(Source records)
[Start of Attachment]
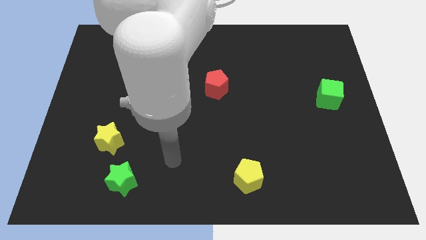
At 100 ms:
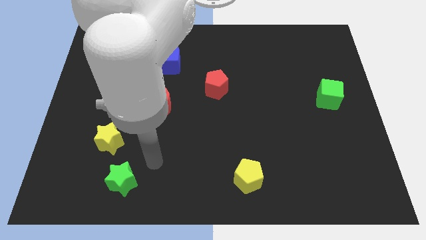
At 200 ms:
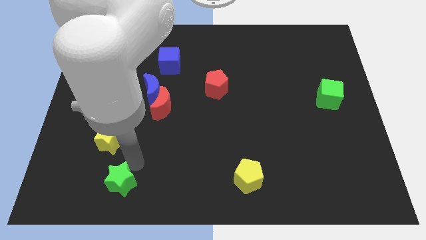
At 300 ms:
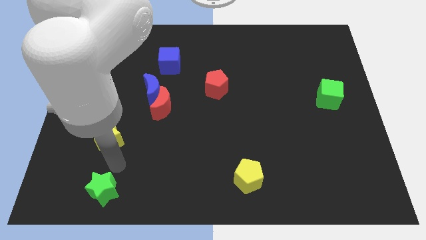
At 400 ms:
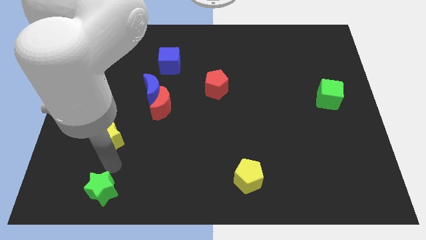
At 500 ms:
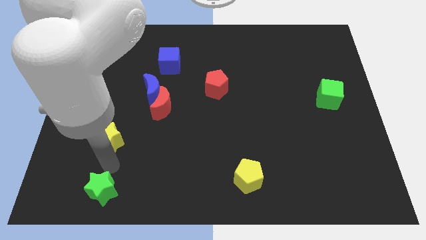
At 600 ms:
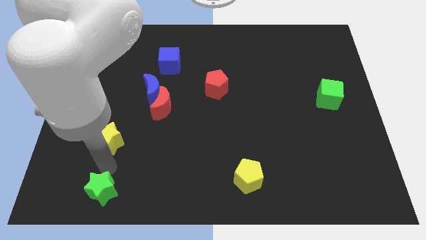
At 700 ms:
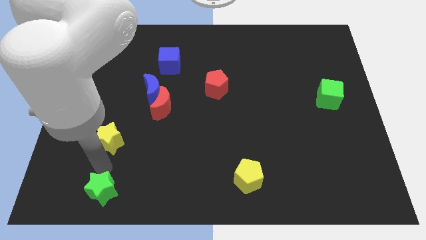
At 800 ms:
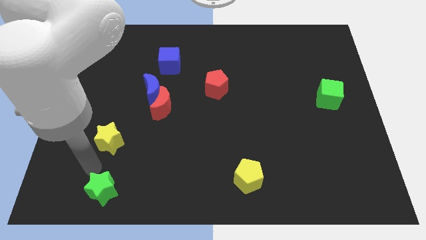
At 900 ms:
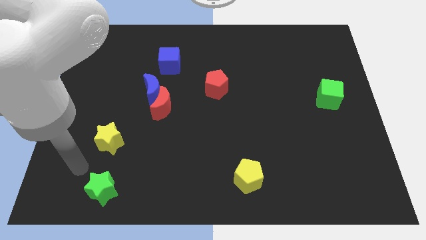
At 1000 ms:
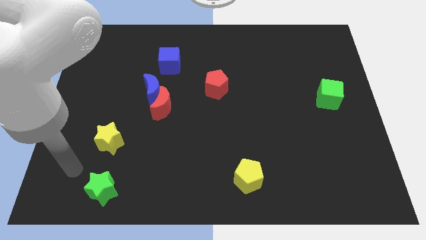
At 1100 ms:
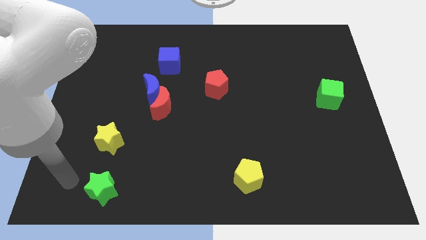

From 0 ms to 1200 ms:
slightly push the green star to the bottom of the board

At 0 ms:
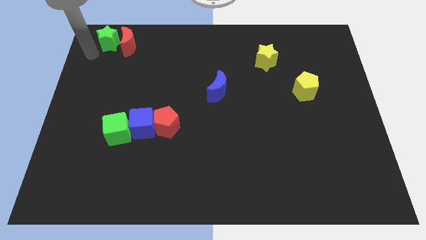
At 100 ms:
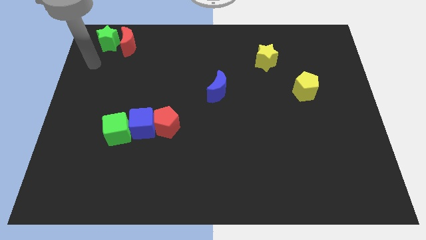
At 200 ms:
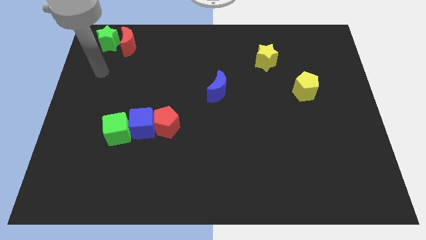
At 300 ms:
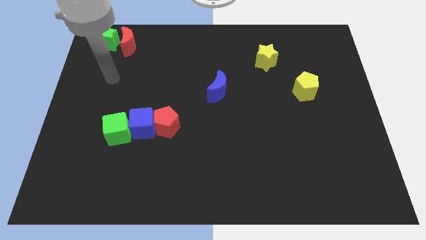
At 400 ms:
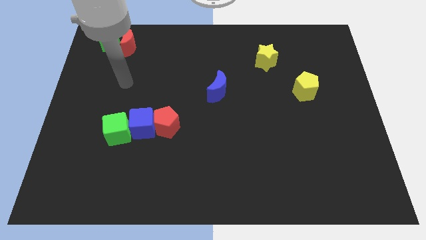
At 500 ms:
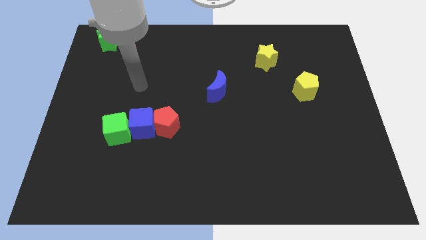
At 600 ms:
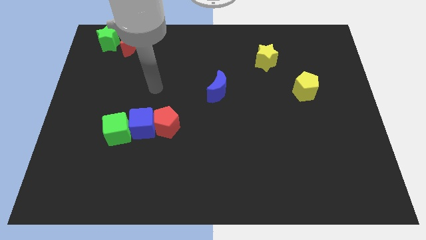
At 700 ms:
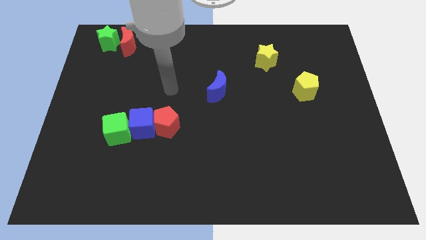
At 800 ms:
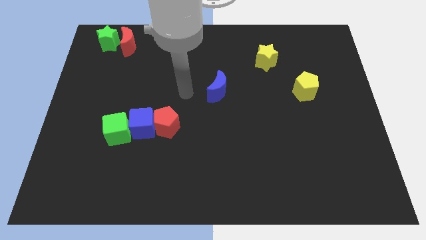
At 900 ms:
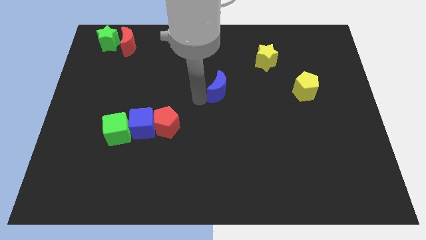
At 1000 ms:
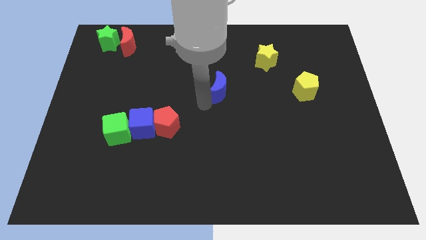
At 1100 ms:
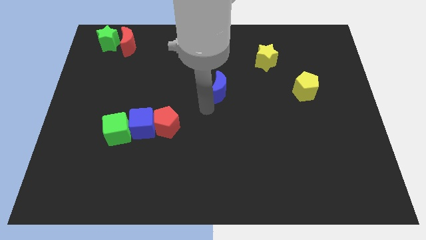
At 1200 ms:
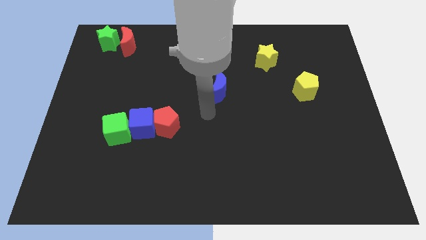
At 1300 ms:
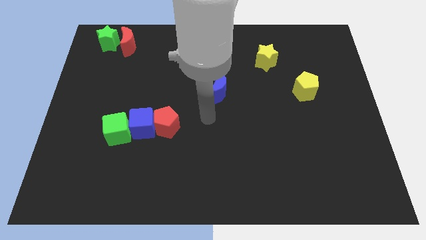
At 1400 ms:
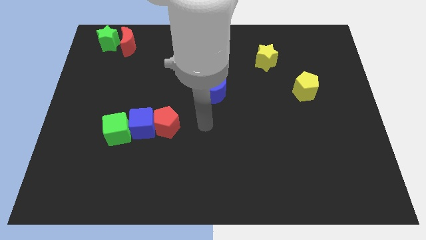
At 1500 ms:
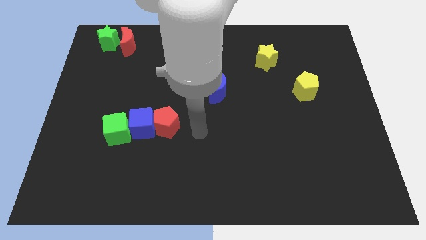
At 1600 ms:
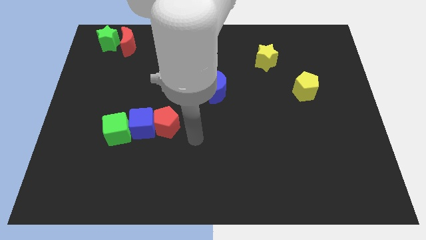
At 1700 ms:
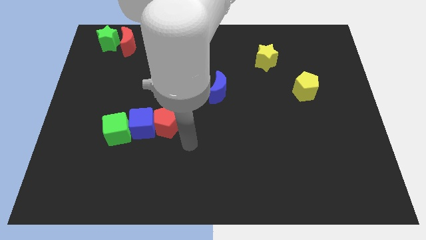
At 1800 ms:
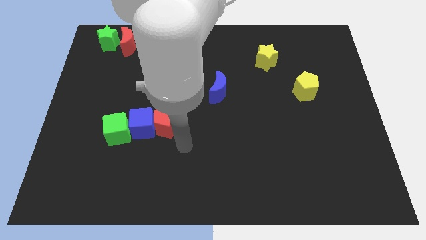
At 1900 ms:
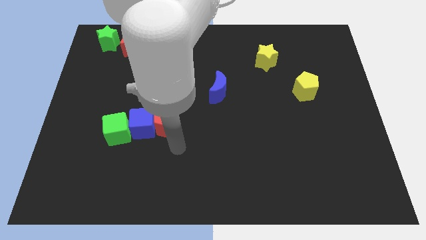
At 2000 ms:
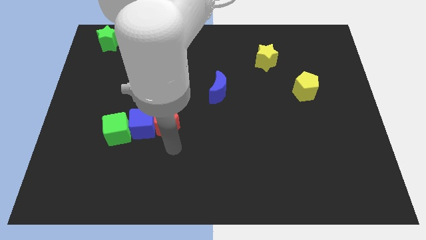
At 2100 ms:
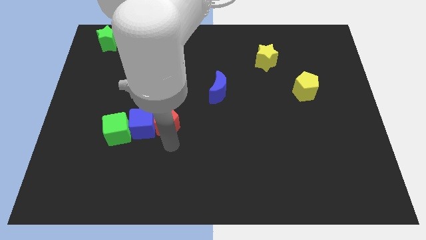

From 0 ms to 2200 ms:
[End of Attachment]
Task:
For each record above, write out its text exactly and skip any picture.

Solution to the problem:
At 100 ms:
At 200 ms:
At 300 ms:
At 400 ms:
At 500 ms:
At 600 ms:
At 700 ms:
At 800 ms:
At 900 ms:
At 1000 ms:
At 1100 ms:

From 0 ms to 1200 ms:
slightly push the green star to the bottom of the board

At 0 ms:
At 100 ms:
At 200 ms:
At 300 ms:
At 400 ms:
At 500 ms:
At 600 ms:
At 700 ms:
At 800 ms:
At 900 ms:
At 1000 ms:
At 1100 ms:
At 1200 ms:
At 1300 ms:
At 1400 ms:
At 1500 ms:
At 1600 ms:
At 1700 ms:
At 1800 ms:
At 1900 ms:
At 2000 ms:
At 2100 ms:

From 0 ms to 2200 ms:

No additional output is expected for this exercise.